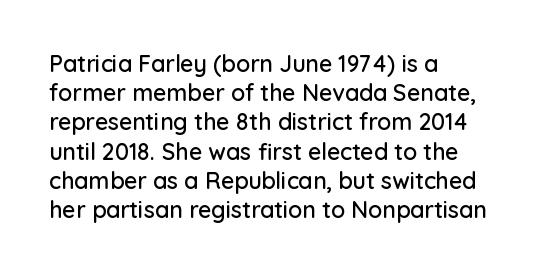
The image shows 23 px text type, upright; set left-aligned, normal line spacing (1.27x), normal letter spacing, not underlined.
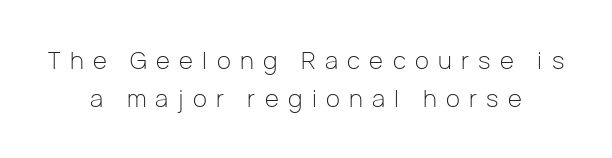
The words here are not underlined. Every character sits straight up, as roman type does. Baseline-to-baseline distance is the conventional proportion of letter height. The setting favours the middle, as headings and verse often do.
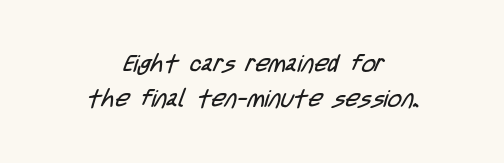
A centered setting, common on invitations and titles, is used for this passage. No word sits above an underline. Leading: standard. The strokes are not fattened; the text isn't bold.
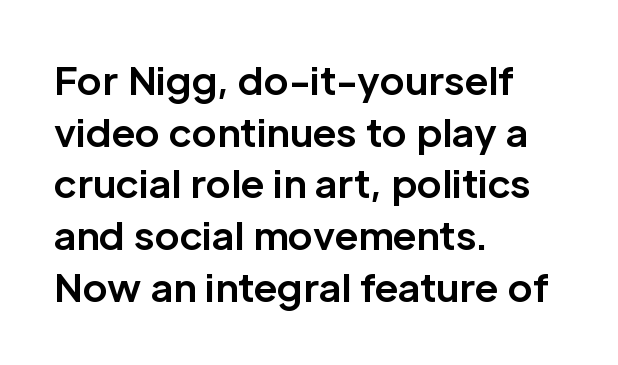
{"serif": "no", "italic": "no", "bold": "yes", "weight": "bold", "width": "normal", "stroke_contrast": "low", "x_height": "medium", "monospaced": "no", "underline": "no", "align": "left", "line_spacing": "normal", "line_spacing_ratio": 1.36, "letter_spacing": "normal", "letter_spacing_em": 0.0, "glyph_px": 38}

_____

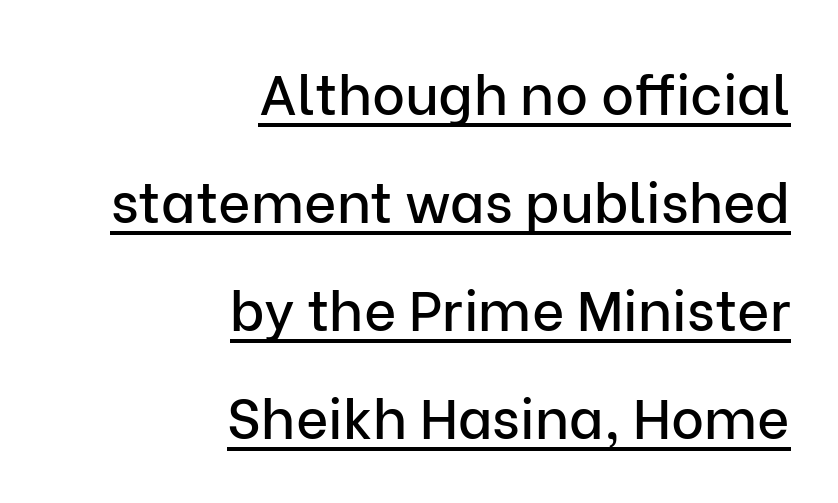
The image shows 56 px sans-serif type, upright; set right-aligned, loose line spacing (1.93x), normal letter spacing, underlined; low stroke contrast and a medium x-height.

_____

**WHAT THE EXERCISE ASKS**
Your task is to collect every line above that contains the word "underlined".

**RESULT FOR THIS TASK**
The image shows 23 px text type, upright; set left-aligned, normal line spacing (1.27x), normal letter spacing, not underlined.
The words here are not underlined. Every character sits straight up, as roman type does. Baseline-to-baseline distance is the conventional proportion of letter height. The setting favours the middle, as headings and verse often do.
The image shows 56 px sans-serif type, upright; set right-aligned, loose line spacing (1.93x), normal letter spacing, underlined; low stroke contrast and a medium x-height.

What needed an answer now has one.